How to Grow a Mind (video)
From the recent NIPS conference, here’s a talk by MIT cognitive scientist Josh Tenenbaum on what he calls “rich” machine learning. Should be of some relevance for people who are interested in AI or human cognitive development. I found it really interesting.
http://videolectures.net/nips2010_tenenbaum_hgm/
The gist is: children are able, from a young age, to learn the meanings of words from just a few examples. Adults, given pictures of abstract, made-up objects, and given that some of them are called “tufas,” can pick out which other pictures are tufas and which aren’t. We can do this much faster than a typical Bayesian estimator can, with less training data.
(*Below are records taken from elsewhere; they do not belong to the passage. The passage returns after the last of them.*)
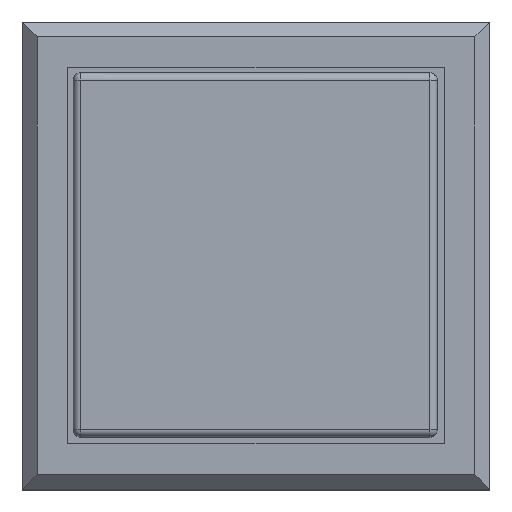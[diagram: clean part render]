
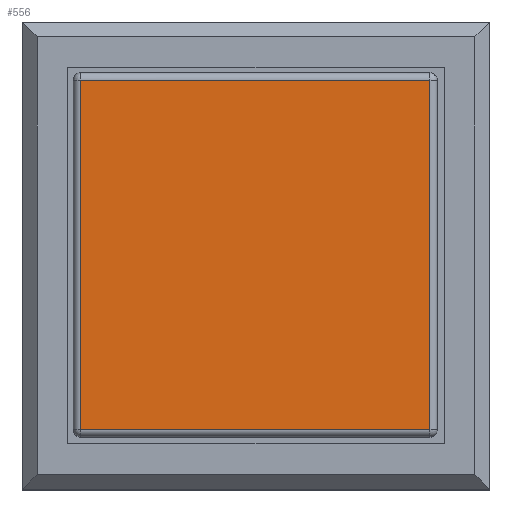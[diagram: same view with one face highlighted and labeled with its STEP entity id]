
A CAD part, top view. The second image highlights one B-rep face of the part: STEP entity #556.
In plain terms, the highlighted planar face has unit normal (0, 0, 1).
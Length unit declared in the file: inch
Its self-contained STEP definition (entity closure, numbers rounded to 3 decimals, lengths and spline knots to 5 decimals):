
#171=CARTESIAN_POINT('',(0.22539,-0.22539,0.53543));
#172=VERTEX_POINT('',#171);
#206=CARTESIAN_POINT('',(0.22539,0.22736,0.53543));
#207=VERTEX_POINT('',#206);
#232=CARTESIAN_POINT('',(-0.22736,-0.22539,0.53543));
#233=VERTEX_POINT('',#232);
#265=CARTESIAN_POINT('',(-0.22736,0.22736,0.53543));
#266=VERTEX_POINT('',#265);
#340=CARTESIAN_POINT('',(-0.22736,-0.22539,0.53543));
#341=DIRECTION('',(0.0,1.0,0.0));
#342=VECTOR('',#341,0.45276);
#343=LINE('',#340,#342);
#344=EDGE_CURVE('',#233,#266,#343,.T.);
#362=CARTESIAN_POINT('',(-0.22736,0.22736,0.53543));
#363=DIRECTION('',(1.0,0.0,0.0));
#364=VECTOR('',#363,0.45276);
#365=LINE('',#362,#364);
#366=EDGE_CURVE('',#266,#207,#365,.T.);
#416=CARTESIAN_POINT('',(0.22539,-0.22539,0.53543));
#417=DIRECTION('',(-1.0,0.0,0.0));
#418=VECTOR('',#417,0.45276);
#419=LINE('',#416,#418);
#420=EDGE_CURVE('',#172,#233,#419,.T.);
#470=CARTESIAN_POINT('',(0.22539,0.22736,0.53543));
#471=DIRECTION('',(0.0,-1.0,0.0));
#472=VECTOR('',#471,0.45276);
#473=LINE('',#470,#472);
#474=EDGE_CURVE('',#207,#172,#473,.T.);
#545=CARTESIAN_POINT('',(0.24803,0.25,0.53543));
#546=DIRECTION('',(0.0,0.0,1.0));
#547=DIRECTION('',(1.0,0.0,0.0));
#548=AXIS2_PLACEMENT_3D('',#545,#546,#547);
#549=PLANE('',#548);
#550=ORIENTED_EDGE('',*,*,#344,.F.);
#551=ORIENTED_EDGE('',*,*,#420,.F.);
#552=ORIENTED_EDGE('',*,*,#474,.F.);
#553=ORIENTED_EDGE('',*,*,#366,.F.);
#554=EDGE_LOOP('',(#550,#551,#552,#553));
#555=FACE_OUTER_BOUND('',#554,.T.);
#556=ADVANCED_FACE('',(#555),#549,.T.);

This is partly because we have background knowledge about the world and what sort of categories and structures it forms.
For instance, we learn fairly young (~2 years) that non-solid objects are defined by substance rather than shape: that “toothpaste” is that sticky substance we brush our teeth with, whether it’s in the toothpaste tube or on the toothbrush or smeared on the sink, all very different shapes in terms of the raw images hitting our visual cortex. Pour a new liquid called “floo” in a glass, and we’ll predict that it’s still called “floo” when you spill it or while it’s splashing through the air. On the other hand, some objects are about shape more than color or texture: a chair is a chair no matter what it’s made of. Some sets of objects fall into tree-like organization (taxonomy of living things) and some fall into “flat” clusters without hierarchy (the ROYGBIV colors). It takes children three years or so to understand that the same object can be both a dog and a mammal. We learn over time which structural organization is best for which sorts of concepts in the world.
Research in machine learning/computer vision/statistics/related fields often focuses on optimizing the description of data given a certain form, and not assuming that the machine has any “life experience” or “judgment” about what format is best. Clustering algorithms give the best way to sort data into clusters, if we think it falls into clusters; dimensionality reduction techniques give the best way to sort data onto low-dimensional subspaces, if we think it lies in a subspace; manifold learning techniques give the best way to sort data onto low-dimensional manifolds, if we think it lies on a manifold. There’s less attention paid to how we identify the best structural model (and whether the process of identifying the best model can somehow be automated, moved from human judgment to machine judgment.) See Jordan Ellenberg’s piece in Slate for more on this.
We usually don’t use completely different techniques in computer vision for identifying pictures of cows vs. pictures of trucks. But there’s evidence that the human brain does do exactly that—specialized techniques based on the experiential knowledge that cows, trucks, and faces are different sorts of objects, and are identified by different sets of features.
I’m sympathetic to Tenenbaum’s main point: that we won’t achieve computer counterparts to human learning and sensory recognition until we incorporate experiential knowledge and “learning to learn.” There is no single all-purpose statistical algorithm that Explains All Of Life—we’re going to have to teach machines to judge between algorithms based on context. That seems intuitively right to me, but I’d like to hear some back-and-forth on whether other folks agree.
Right, which is why I think the dimensionality reduction stuff, and in some sense all of machine learning, is kind of dishonestly packaged. These guys claim their algorithms are in some sense general, but that can’t really be true. There can never be a proof that a learning algorithm works for all situations. You can only prove statements of the form: “If the data exhibits property X, then algorithm Y will work”.
To live up to their promises, machine learning, computer vision, SNLP, and related fields need to become empirical sciences. They are currently strange hybrids of math and engineering (if you think they are empirical sciences, then what falsifiable predictions do they make? And if you don’t buy the falsifiability principle, then state an alternative answer to the Demarkationsproblem).
I would submit that the real reason for this is because the judge for whether the human subject has appropriately learned the classifier rule is also a human, and therefore shares the same inductive biases! If a non-human, near-blank-slate intelligence were the judge, it would rule that the human learned slower than a Bayesian estimator.
Right—shared prior for “what sorts of concepts go with words”, effectively. (bias or no)
Agreed that there is no secret to learning. Still, I think that the best models for computer learning will be very different than human learning, eliminating many of the biases humans have.
One thing to consider on the topic: Humans use this type of learning not only because it is a good method, but also because humans have limited memory space. Soon computer memory will exceed human memory, and this may not be as much of an issue.